I wish I could say that I’ve always been upbeat and positive. I cannot. I wish I could say that I never give in to my flesh. Again, honesty forbids me to say this. I have learned that even when I fail Him, He is there. I feel like I’ve always let Him down.
Believe me, as a kid, the folks in my church did NOT look at me and say “Hey, there goes a future Pastor’s Wife!” No way. I’m more shocked than anyone at the things God has allowed me to see and do. Yet, why does He put up with me? I don’t know why! I am just so glad He does! I love my home Pastor, Bro. Ken Graham, so much. I hardly go through a day where some of his teaching doesn’t come to mind.
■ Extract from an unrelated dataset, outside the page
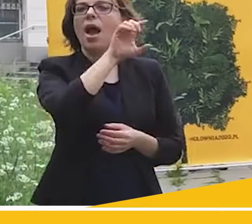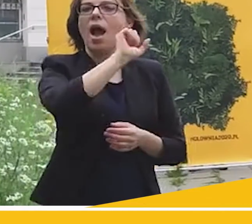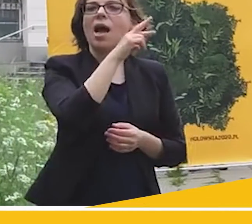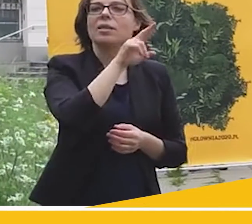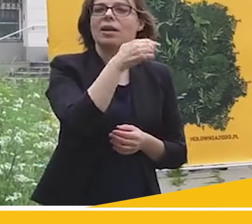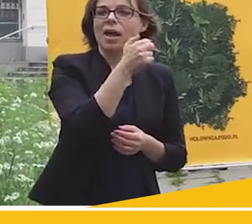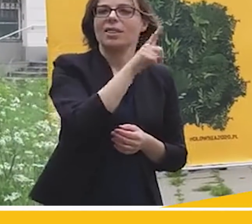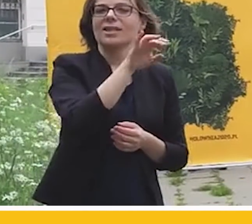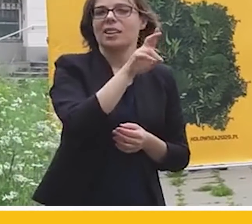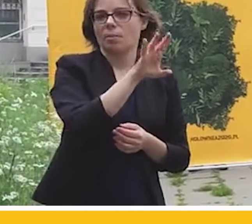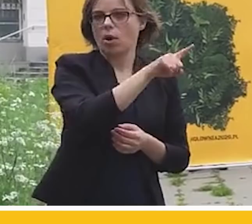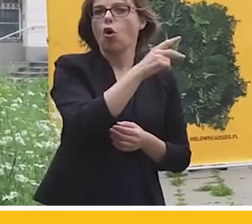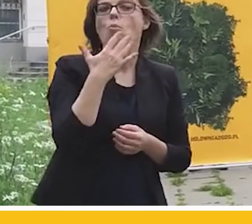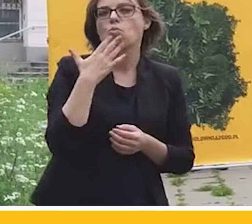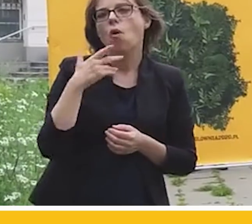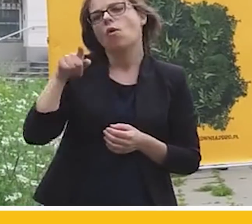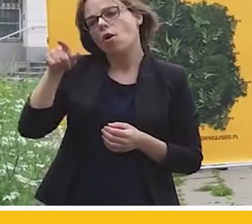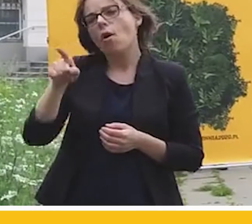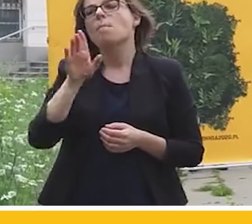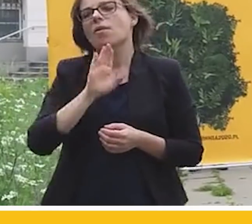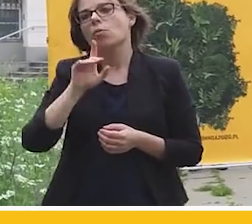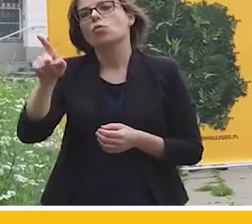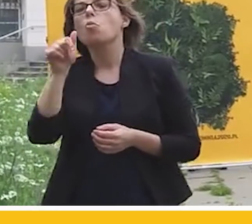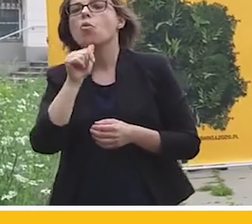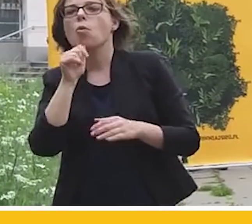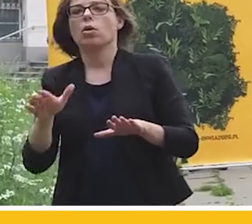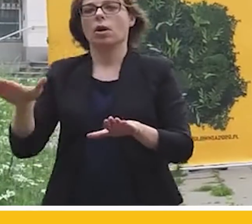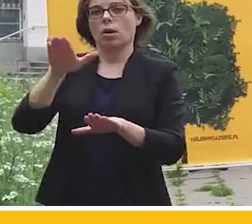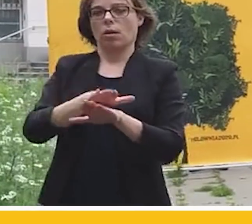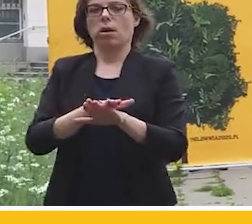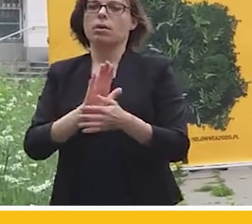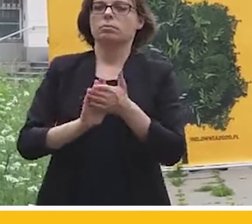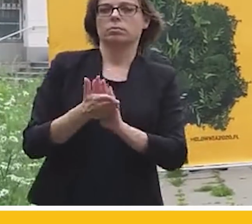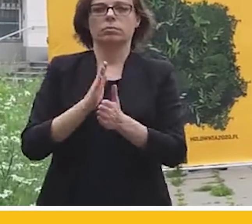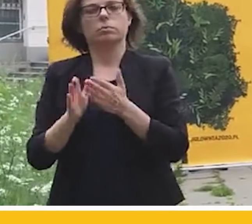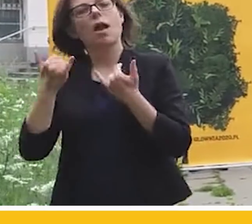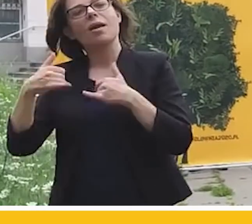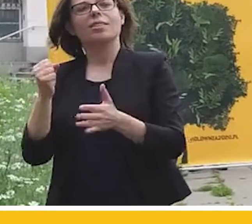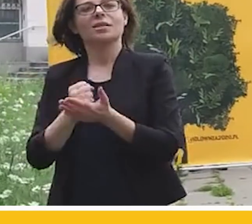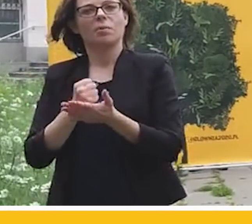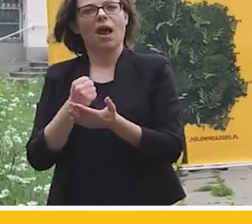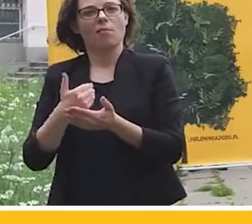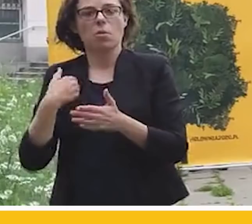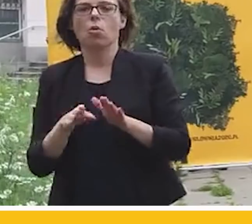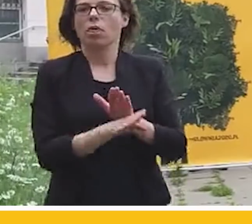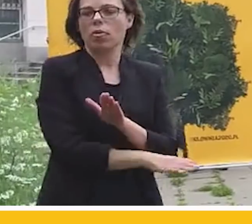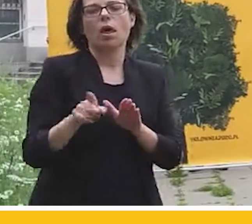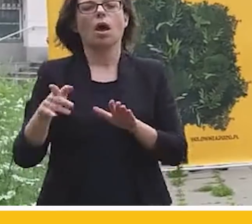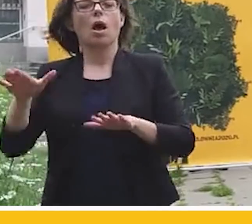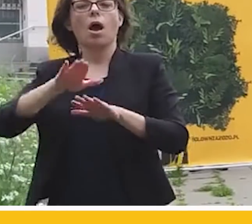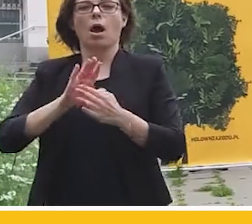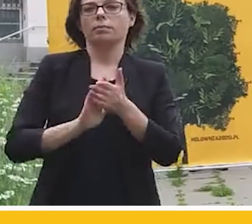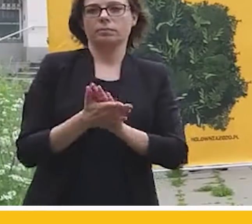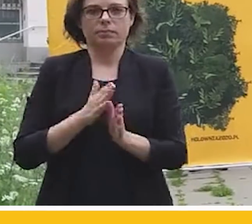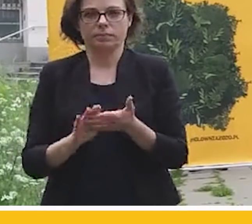który stwierdził, że to jest prawdopodobnie po prostu próba przykrycia innych spraw, które w tym dniu się wydarzyli. Próbowali przykrywać
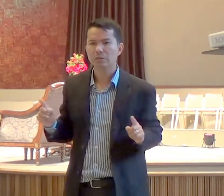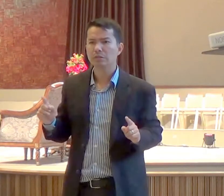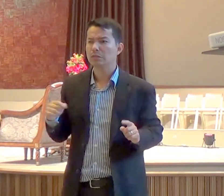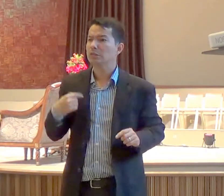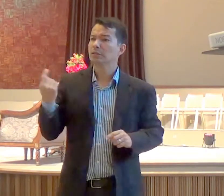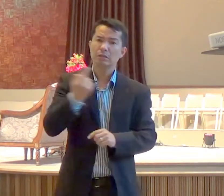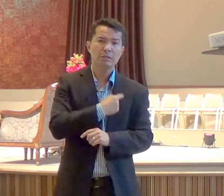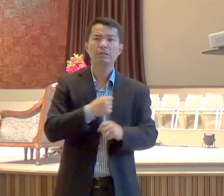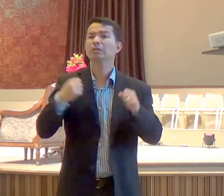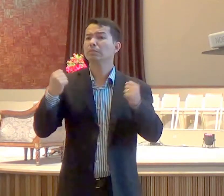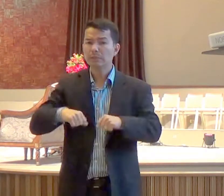para ele morremos,

I often think of this quote that he used often: “I find it interesting that people think that after they get saved, they can live any way they want! That’s not true. If I could live any way I wanted now that I’m saved, I’d never sin again.” That’s how I feel. I wish I’d never let anyone down, but I have. I wish I’d never been disloyal, hateful or impatient. But I have been all of those things before. I’m so thankful His forgiveness is endless!
If Jesus-sinless, perfect Jesus- can keep loving me, and letting me continue to breathe, after I’ve failed Him so much, then I – sinful, imperfect Valerie – should be able to forgive the people who have hurt me.